Después de atravesar a toda prisa la planta baja y pasar por la puerta principal abierta, el sol ya había salido.
—Lo hemos conseguido… Por fin, fuera.
—¡Aún no! ¡Tenemos que alejarnos rápidamente de la torre, como sea!
Las palabras de Raymond eran razonables. No había garantía de que el monstruo no les persiguiera hasta el exterior de la torre.
Siguieron corriendo.

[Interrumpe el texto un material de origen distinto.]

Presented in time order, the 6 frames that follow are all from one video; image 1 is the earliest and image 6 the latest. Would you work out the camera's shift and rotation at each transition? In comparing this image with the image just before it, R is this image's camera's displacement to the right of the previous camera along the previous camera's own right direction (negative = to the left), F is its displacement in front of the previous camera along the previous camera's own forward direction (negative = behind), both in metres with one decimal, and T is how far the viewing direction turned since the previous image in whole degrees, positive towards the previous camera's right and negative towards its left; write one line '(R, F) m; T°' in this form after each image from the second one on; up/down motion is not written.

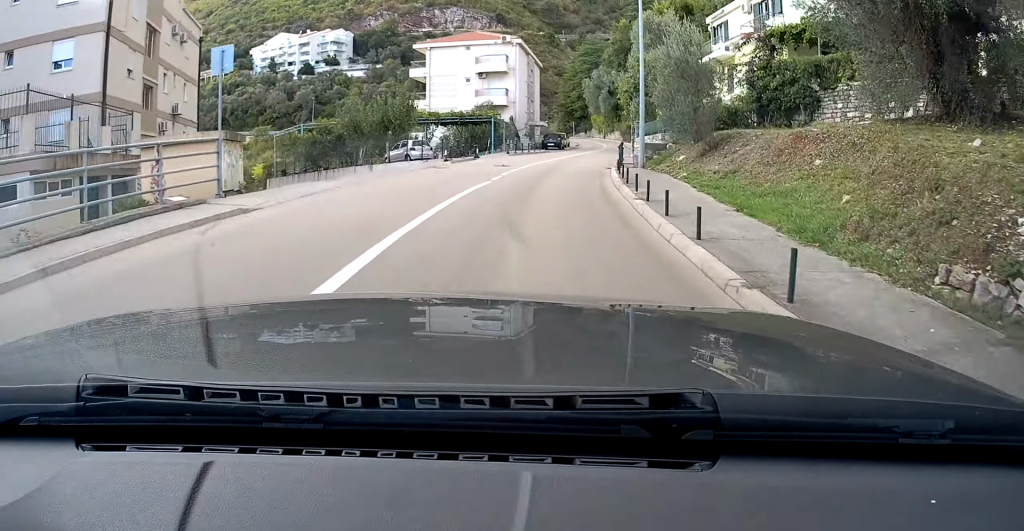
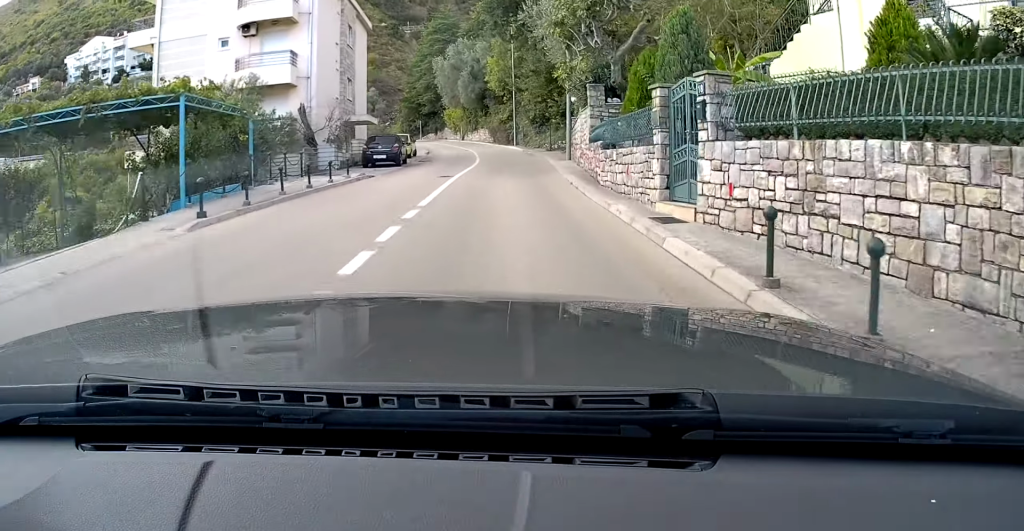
(+2.8, +27.8) m; +7°
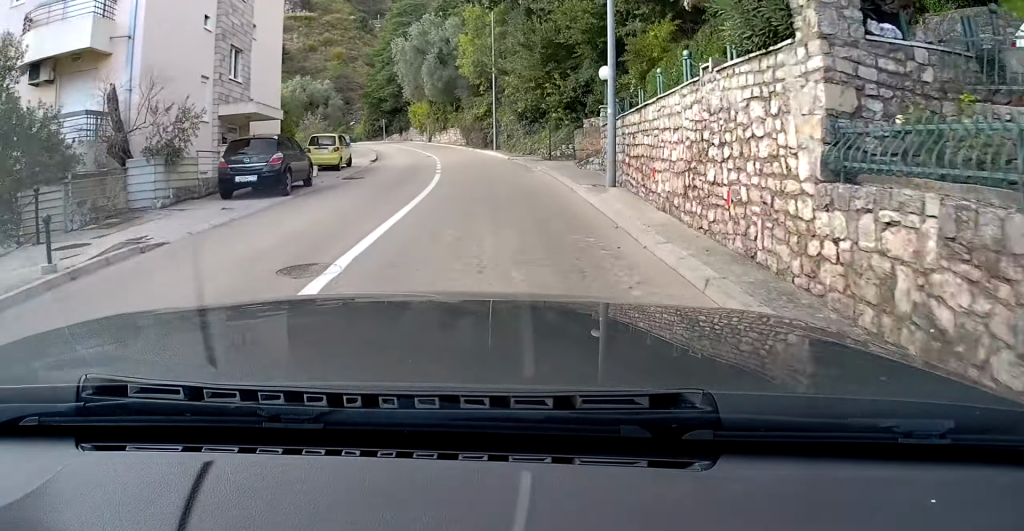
(+0.6, +14.0) m; +1°
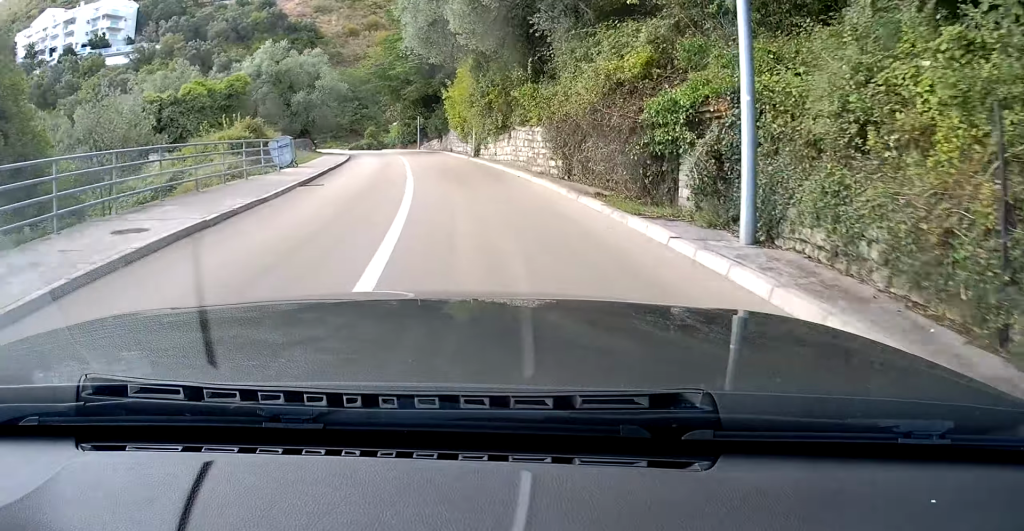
(-1.9, +31.8) m; -7°
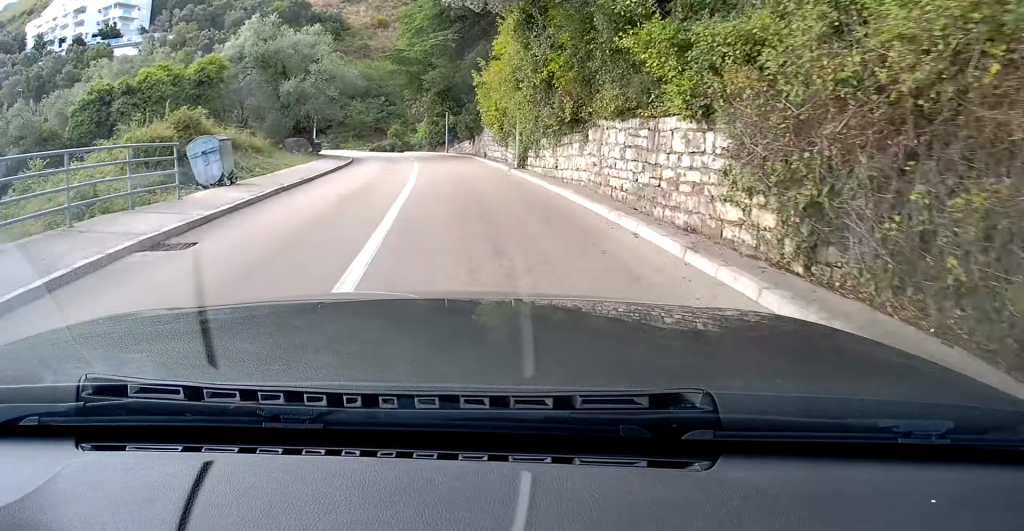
(-0.3, +10.4) m; -2°
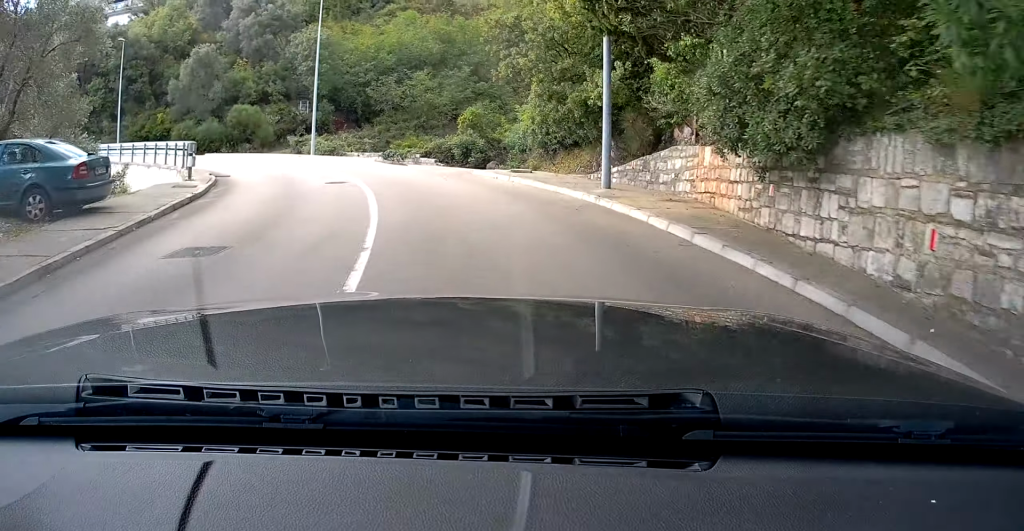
(-3.0, +34.6) m; -16°

Benji y Stella estaban físicamente agotados, pero el miedo a la muerte dominaba su fatiga, y se las arreglaron para seguir adelante sin colapsar.
—Ahora… parece que estamos a salvo —las palabras de Raymond les indicaron que se detuvieran y miraran hacia atrás.
La figura de la bestia no aparecía por ninguna parte.
—Entonces, parece que no puede salir de la torre…
—Beritoad dijo que con su cuerpo transformado debería poder salir, pero…
—¿Transformado?
—Sí… en verdad esa cosa es una de las tres hermanas, Rack. Esa era su apariencia transformada.
—Oh… eso es bastante intrigante. —Aliviado de que el peligro había pasado, Benji comenzó a mostrar su curiosidad natural—. Es un mundo desconocido, esa torre. Bueno, he tenido una experiencia bastante interesante. Volveremos a vernos algún día.
—Antes de eso, sería de gran ayuda si pudieras curar mis heridas.
—Oh, mis disculpas. Así es, vamos a mi clínica. Stella, ¿estás bien?
—Sí. Vayamos inmediatamente.
Los tres simultáneamente dirigieron su mirada hacia la Torre Torcia.
Sentían como si pudieran oír el rugido de aquella bestia.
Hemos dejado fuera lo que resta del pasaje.